In the words of Bender, “…another pointless day where I accomplish nothing.” It’s feeling a little that way. Last night’s brownout knocked computers offline, and this morning BT severed a cable, depriving us of phones and internet access. It’s an hour and a half into the day already and I’ve got nothing done so far.
The worst bit is, having been told that the phones were down already: when I discovered that the outbound fibre optic link was down, I picked up the phone to call the facilities manager. Whoops! In an age when everything is connected and digitial, it’s easy to forget that things don’t always work as they should.
Add to this the fact that I’ll be leaving early today, and you’ve got a recipe for underproductivity. Which is a word, now, thank you very much. I’m off this evening to Gregynog, a University of Wales conference centre, as a guest interviewer, to give mock interviews to second-year Computer Science students. These interviews are supposed to be reflective of those given in the industry, in order to better prepare them for ‘real’ interviews and give them feedback… so I’ve been devising a list of some of the nastiest Comp. Sci.-centric interview questions ever devised. Here’s some of my favourites:
- How would you explain a database to a 10-year-old child?

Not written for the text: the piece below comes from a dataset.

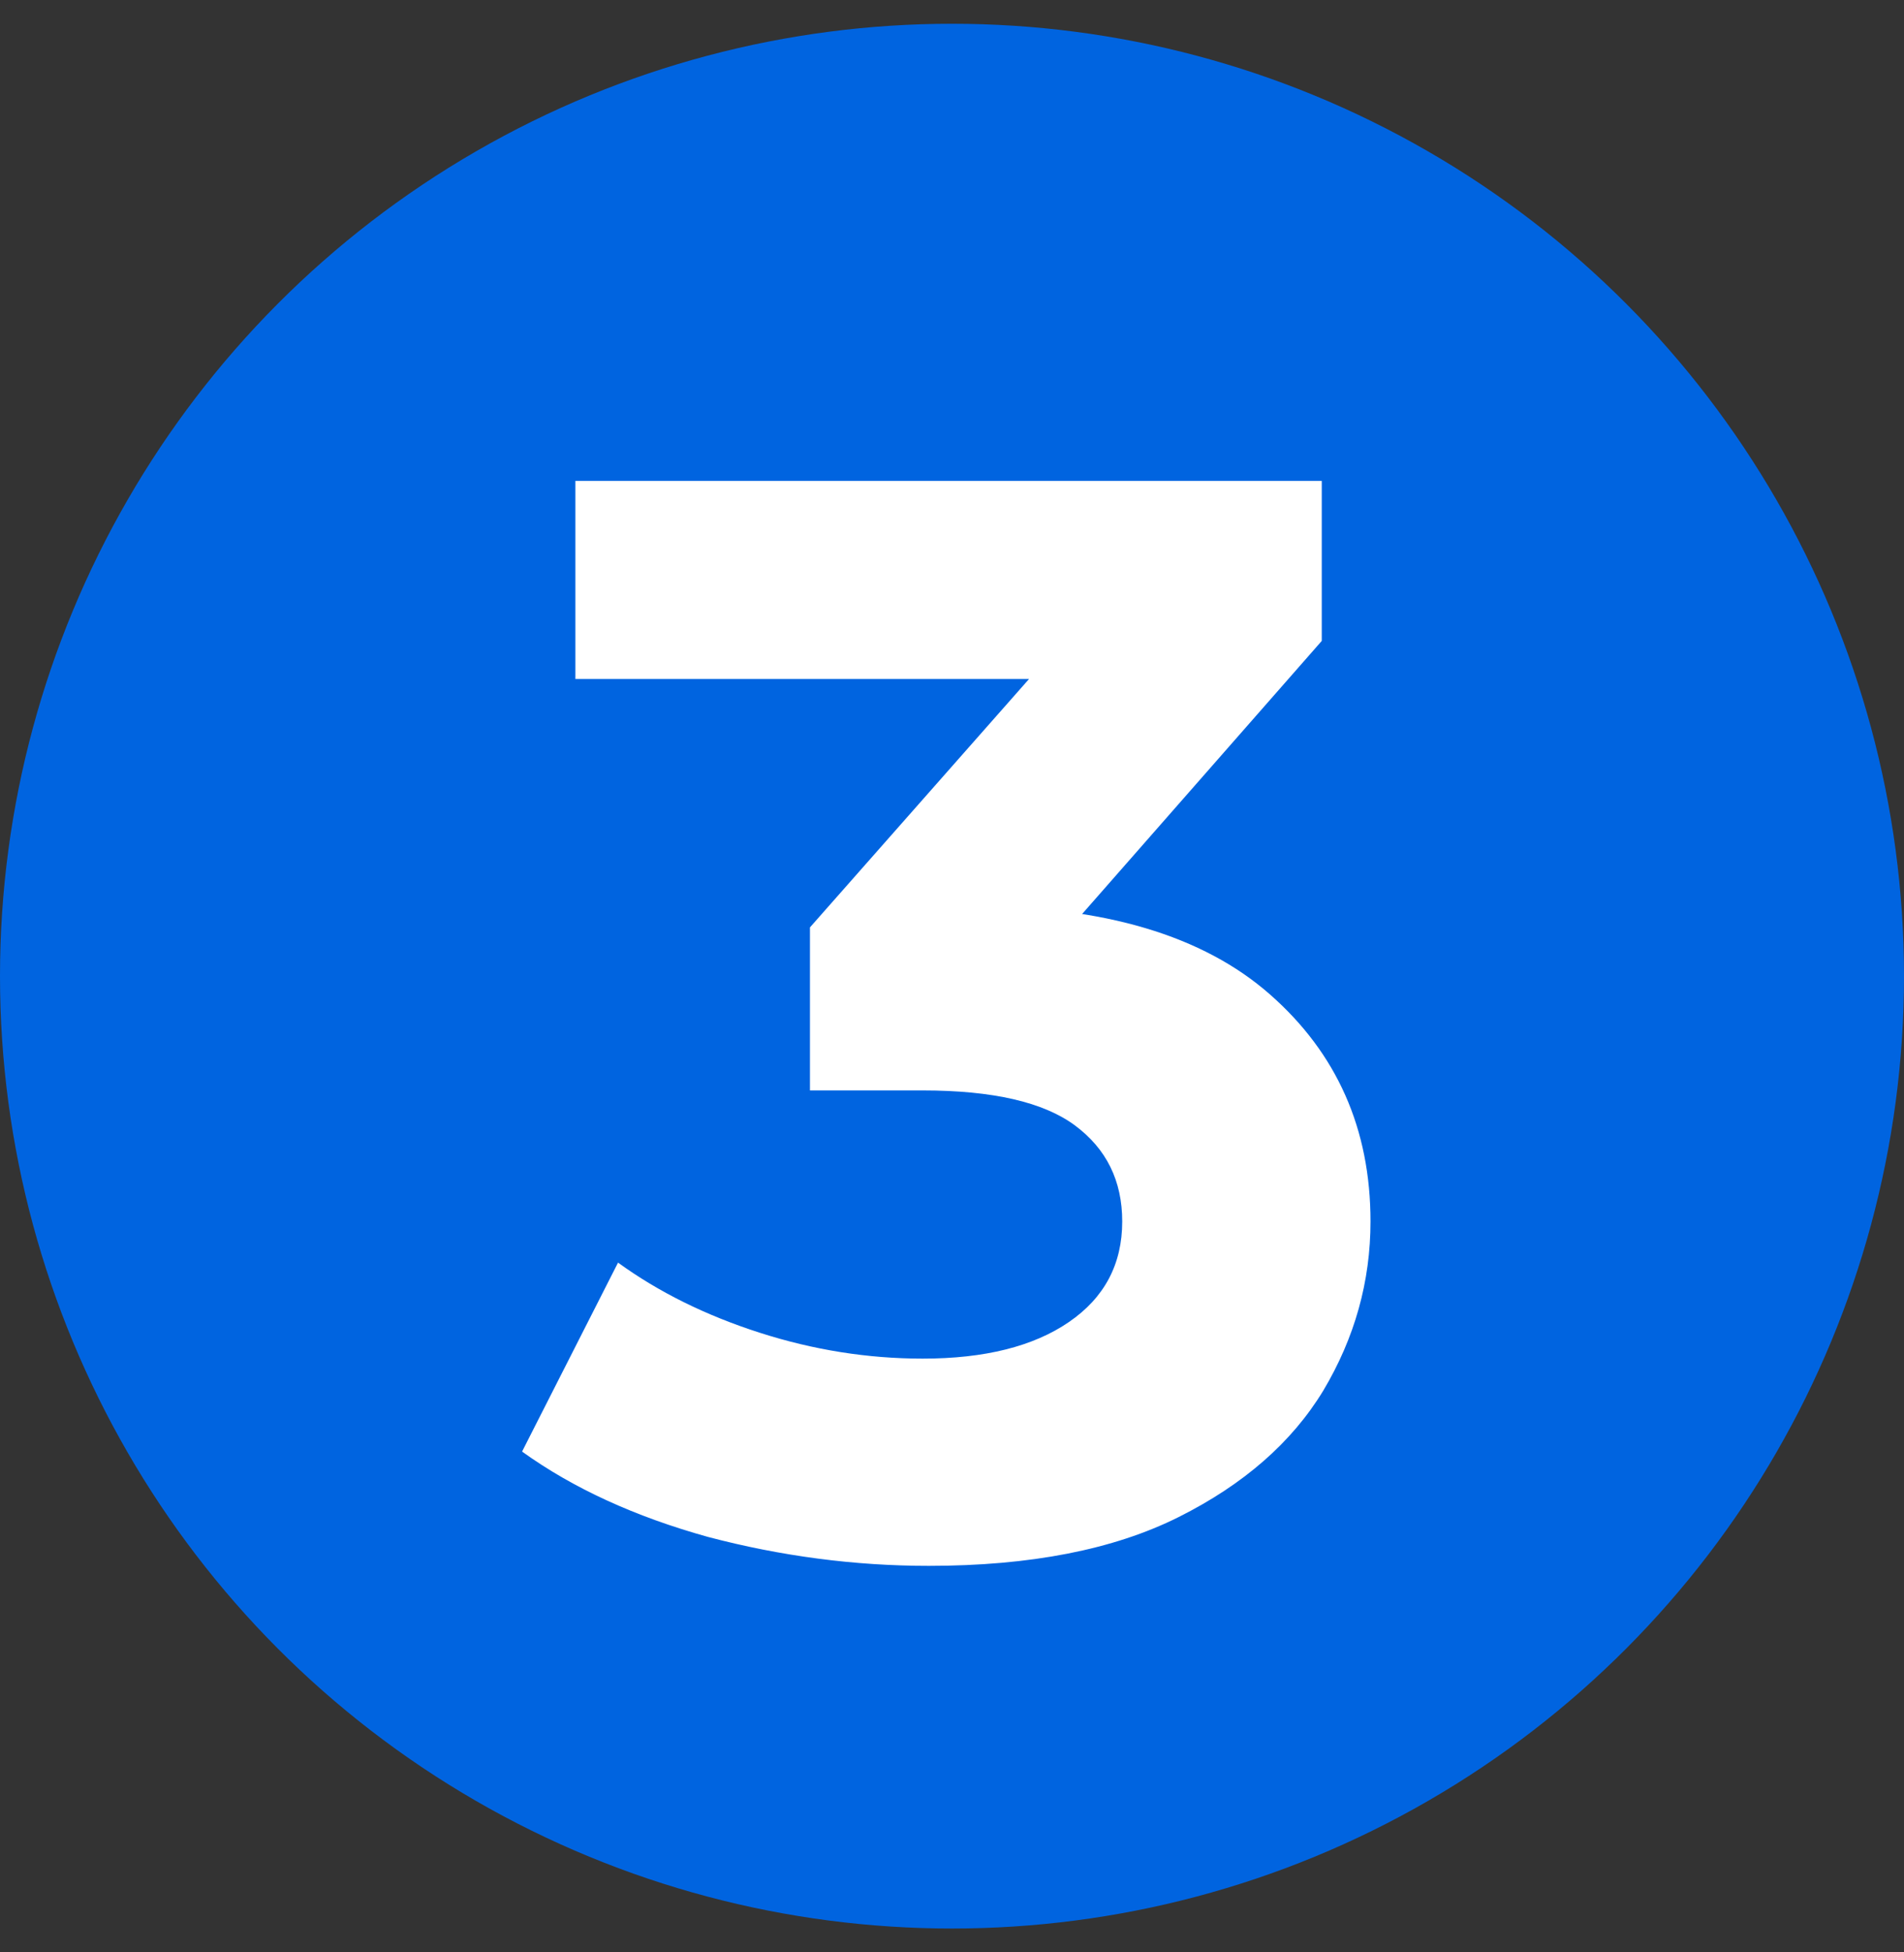 <?xml version="1.0" encoding="UTF-8"?> <svg xmlns="http://www.w3.org/2000/svg" width="40" height="41" viewBox="0 0 40 41" fill="none"><rect x="0" y="0" width="40" height="41" fill="#333333" stroke="none"/><circle cx="20" cy="20.499" r="20" fill="#0064E0"></circle><path d="M19.512 32.883C17.955 32.883 16.408 32.68 14.872 32.275C13.336 31.848 12.035 31.251 10.968 30.483L12.984 26.515C13.837 27.134 14.829 27.624 15.96 27.987C17.091 28.35 18.232 28.531 19.384 28.531C20.685 28.531 21.709 28.275 22.456 27.763C23.203 27.251 23.576 26.547 23.576 25.651C23.576 24.798 23.245 24.126 22.584 23.635C21.923 23.144 20.856 22.899 19.384 22.899H17.016V19.475L23.256 12.403L23.832 14.259H12.088V10.099H27.768V13.459L21.56 20.531L18.936 19.027H20.44C23.192 19.027 25.272 19.646 26.68 20.883C28.088 22.12 28.792 23.71 28.792 25.651C28.792 26.91 28.461 28.094 27.8 29.203C27.139 30.291 26.125 31.176 24.76 31.859C23.395 32.542 21.645 32.883 19.512 32.883Z" fill="white"></path></svg>

- When choosing between programming languages with which to implement a specific project, what are the most important factors and why?
- Pseudocode me an algorithm to detect whether two rectangles (with known top, left, bottom and right) overlap one another.
- What is bytecode? Can it be reverse-engineered?
- What is the sum of all numbers from 1 to 1000?
- Do you make mistakes? Tell me about one of them.
- Are you smart? Why do you think that?
I can’t write too many of the really nice fun ones here, because (a) there’s at least one person I’ll be interviewing who I know reads my weblog and (b) I’ve got some questions which depend on demonstratable code samples, which I can’t be arsed to upload anywhere.
Anyway; things look like they’re all booted up now, so I’d better get on with some work.
How would you explain a database to a 10-year-old child?
You put information in, and information comes out. You can choose which bits you want, but you don’t have to worry about how it’s stored inside as it takes care of it all for you.
When choosing between programming languages with which to implement a specific project, what are the most important factors and why?
Readability, because you might not be the person who develops it later, modularity so you don’t have to rewrite it from scratch every time you want to change something, and level of abstractness. You wouldn’t write a web-based mark-up language in Assembly, nor would you write a boot-loader in Java
Pseudocode me an algorithm to detect whether two rectangles (with known top, left, bottom and right) overlap one another.
I’m not going to write the whole thing here, but you check all four boundaries against all other four boundaries. To be more efficient, break out as soon as you find an overlap as there’s no point in checking the rest (Okay, there is, but you weren’t specific enough to need it)
What is bytecode? Can it be reverse-engineered?
A sick and wrong attempt at assembly, and it can be, but I don’t want to do it.
What is the sum of all numbers from 1 to 1000?
Ask Gauss. Seriously, it’s 500x(1001)
Do you make mistakes? Tell me about one of them.
Doing this when I should have gone home half an hour ago. You gimp.
Are you smart? Why do you think that?
No, and people who do need pulling down off their pedestal. Everything’s subjective when it comes to intelligence.